I'm trying to understand the result 2 on this page by way of example. It says for a discrete random variable $X$, with PMF $f(x)$, that the PMF of the transformed random variable $Y=r(X)$ we get a PMF
$$g(y)=\sum_{x\in r^{-1}\{y\}}f(x)$$
Here's the problem for which I'm trying to apply this result.
Suppose that $X$ is uniformly distributed on the integers $0$ to $9$. What is the mean of $Y=5X$?
For starters, I know that
$$f(x)=\begin{cases}\frac1{10}&\text{for }x\in\{0,\ldots,9\}\\0&\text{otherwise}\end{cases}$$
and since $Y=r(X)=5X$, we have $X=r^{-1}(Y)=\frac Y5$. But then the theorem suggests that the new variable's PMF would be
$$g(y)=\sum_{x\in r^{-1}\{y\}}f(x)=\sum_{x=0}^9f(x)$$
The sum evaluates to $1$, so I'm convinced I'm misunderstanding something important.
What does it mean to sum over all $x\in r^{-1}\{y\}$? Is it not true that $r^{-1}\{y\}=\{0,\ldots,9\}$?
I've thought about this in another way using the CDF for $X$. Letting $F(X)$ denote the CDF for $X$ and $G(Y)$ the CDF for $Y$,
$$G(y)=\mathbb P(Y\le y)=\mathbb P(5X\le y)=\mathbb P\left(X\le\dfrac y5\right)=F\left(\dfrac y5\right)$$
I know that
$$F(x)=\begin{cases}0&\text{for }x<0\\\frac n{10}&\text{for }n-1\le x<n,~n\in\{0,\ldots,9\}\\1&\text{for }9\le x\end{cases}$$
which would yield
$$F\left(\dfrac y5\right)=\begin{cases}0&\text{for }y<0\\\frac n{10}&\text{for }5n-5\le y<5n,~n\in\{0,\ldots,9\}\\1&\text{for }45\le y\end{cases}$$
and so, if I'm not mistaken, the PMF for $Y$ is
$$g(y)=\begin{cases}\frac1{10}&\text{for }y\in\{0,5,\ldots,45\}\\0&\text{otherwise}\end{cases}$$
If this is correct, then
how do I arrive at this result using the theorem from the provided link?
The support of $X$, which I denote $\mathcal{X}$, is $\{0, 1, \dots, 9\}$.
The image of $\mathcal{X}$ induced by $r$ is $r(\mathcal{X}) = \{0, 5, \dots, 45\}$. These are the elements $y$ that are being referred to.
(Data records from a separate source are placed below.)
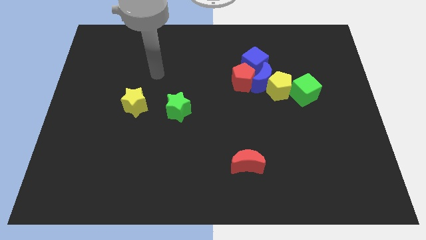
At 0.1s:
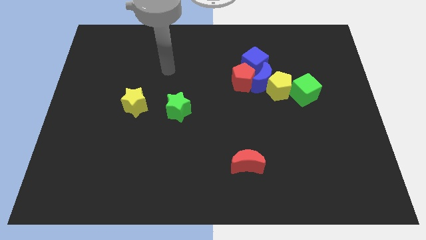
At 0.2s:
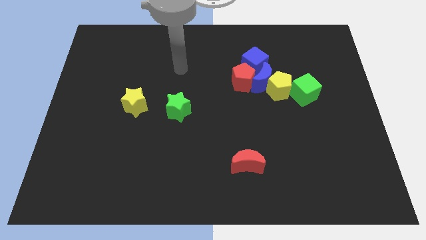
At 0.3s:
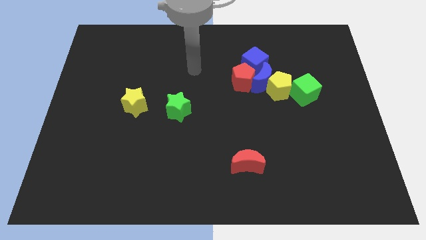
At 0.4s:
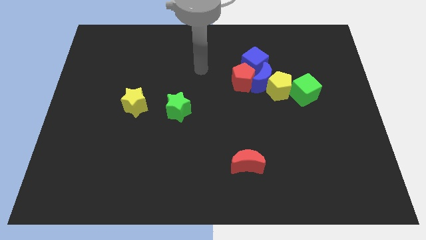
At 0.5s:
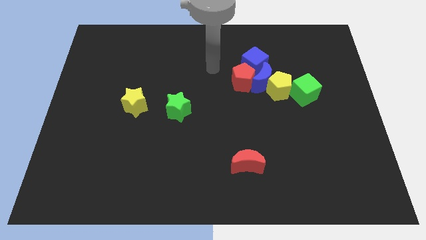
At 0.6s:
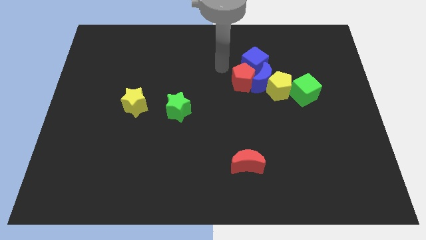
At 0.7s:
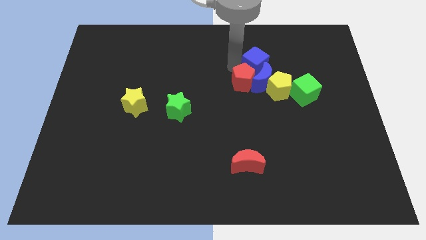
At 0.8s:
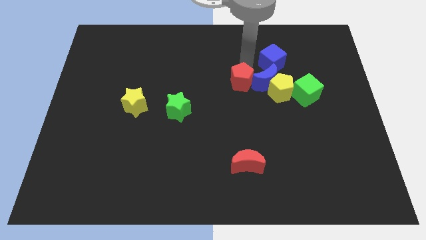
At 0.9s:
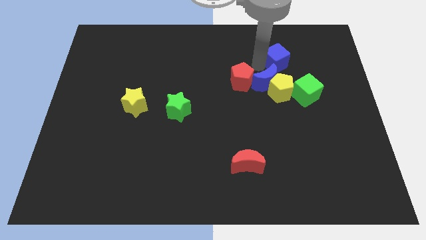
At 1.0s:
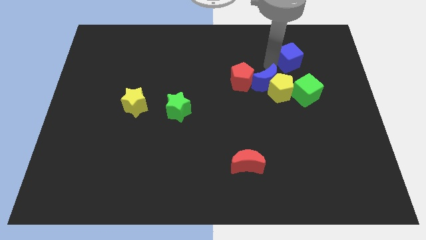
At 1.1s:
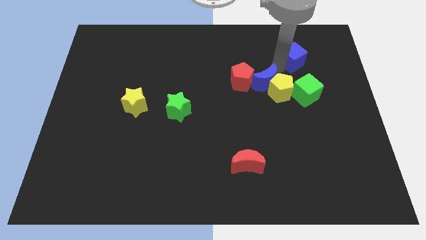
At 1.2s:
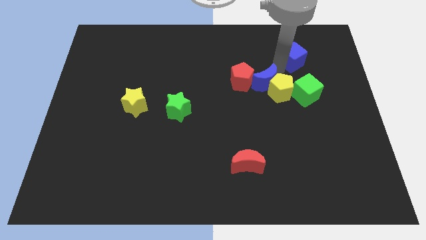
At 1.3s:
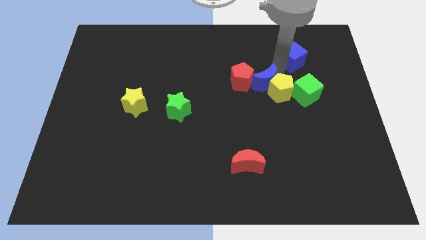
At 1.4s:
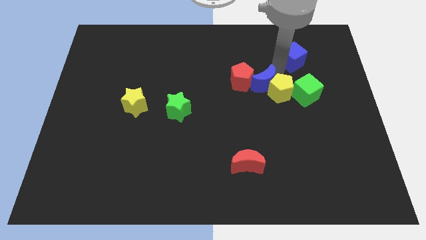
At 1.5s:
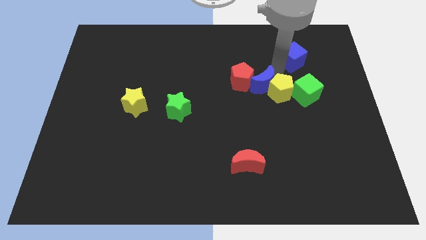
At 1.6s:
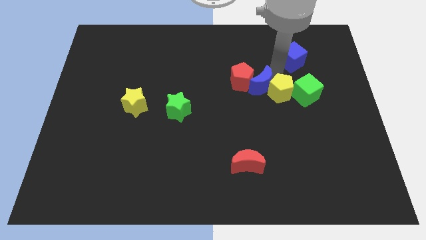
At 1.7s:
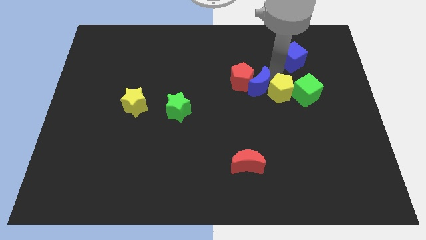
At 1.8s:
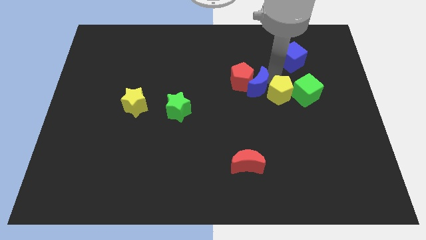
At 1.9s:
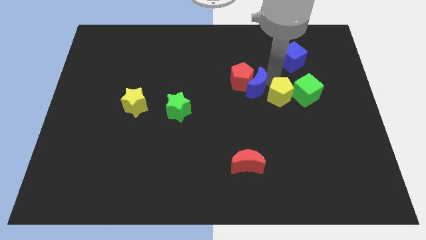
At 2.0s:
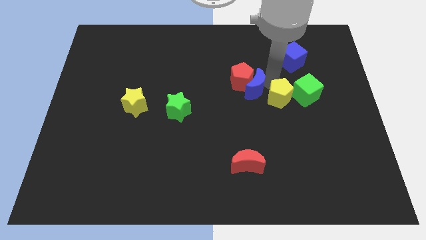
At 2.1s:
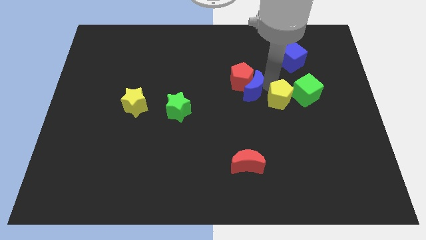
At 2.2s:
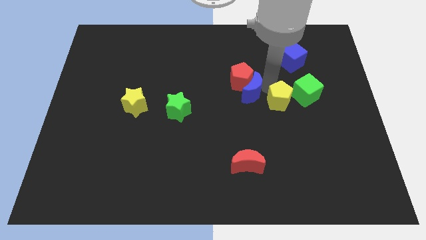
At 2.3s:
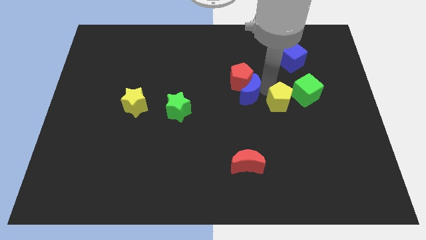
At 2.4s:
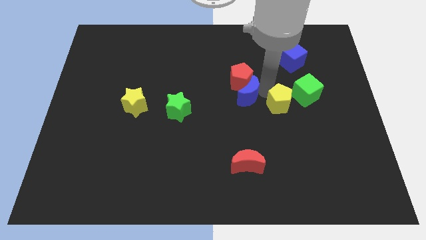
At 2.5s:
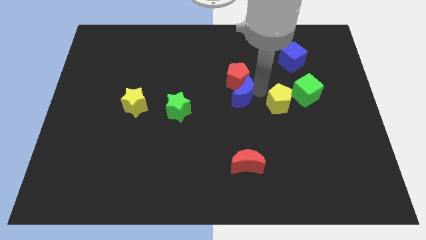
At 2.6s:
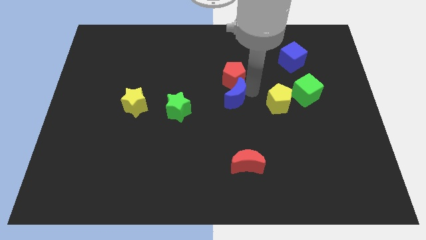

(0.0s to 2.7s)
separate the blue moon from the group of blocks

Let's let $Y = \{0, 5, \dots, 45\}$.
The inverse image of $Y$ is given by $r^{-1}(Y) = \{0, 1, \dots, 9\}$, which is simply $\mathcal{X}$.
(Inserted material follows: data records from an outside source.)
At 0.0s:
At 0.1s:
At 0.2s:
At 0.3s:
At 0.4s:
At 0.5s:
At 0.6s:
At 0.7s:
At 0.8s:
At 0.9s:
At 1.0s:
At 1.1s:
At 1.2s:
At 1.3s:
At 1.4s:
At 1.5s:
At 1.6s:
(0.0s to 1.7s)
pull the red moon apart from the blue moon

Here's how the definition $$g(y) = \sum_{x \in r^{-1}(\{y\})}f(x)$$ works. Notice that $\{y\}$ is a singleton set - i.e., $y$ is only one value.
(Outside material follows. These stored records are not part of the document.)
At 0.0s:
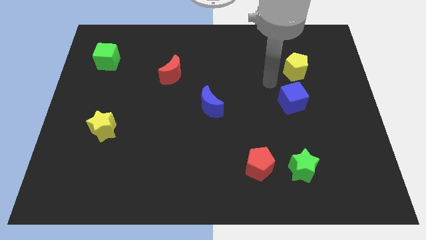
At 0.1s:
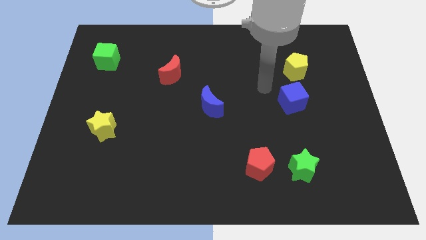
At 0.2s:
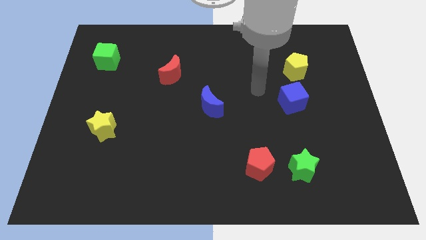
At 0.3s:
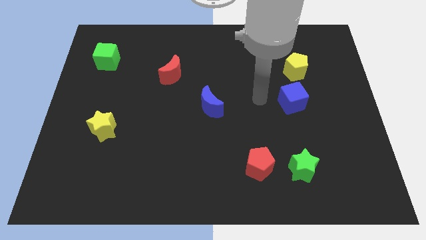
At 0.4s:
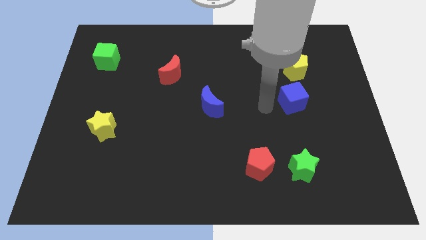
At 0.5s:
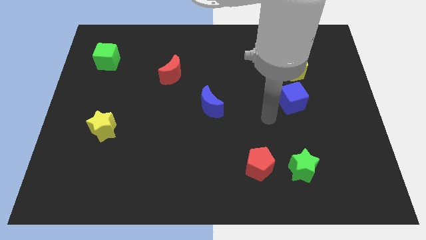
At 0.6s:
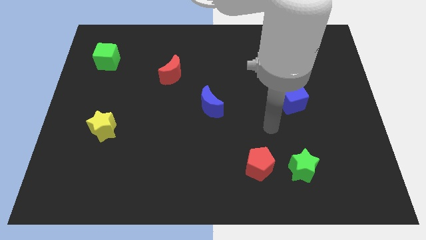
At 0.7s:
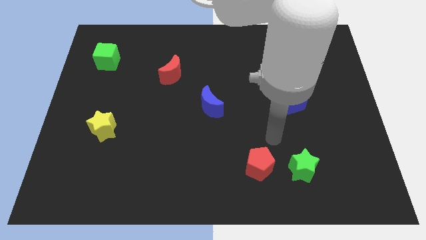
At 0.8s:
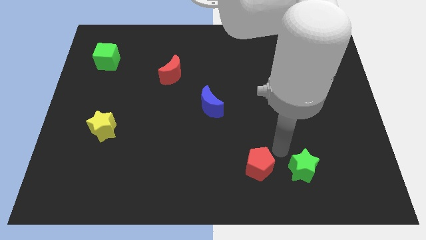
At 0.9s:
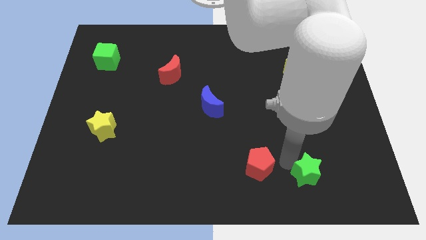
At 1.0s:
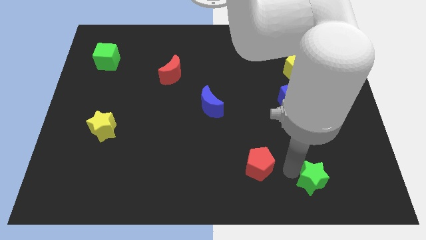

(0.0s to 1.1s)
move the red pentagon away from the green star

Fix $y$. We know that $y$ can be any one of the values $\{0, 5, \dots, 45\}$.
Thus, for example, $$g(0) = \sum_{x \in r^{-1}(\{0\})}f(x)\text{.}$$
What is the inverse image of $\{0\}$ induced by $r$? It is just $\{0\}$. Hence, $$g(0) = \sum_{x \in r^{-1}(\{0\})}f(x)=f(0)\text{.}$$ Next, $$g(5) = \sum_{x \in r^{-1}(\{5\})}f(x) = f(1)$$ since $r^{-1}(\{5\}) = 1$.
Keep doing this for every one of the ten values in $Y$.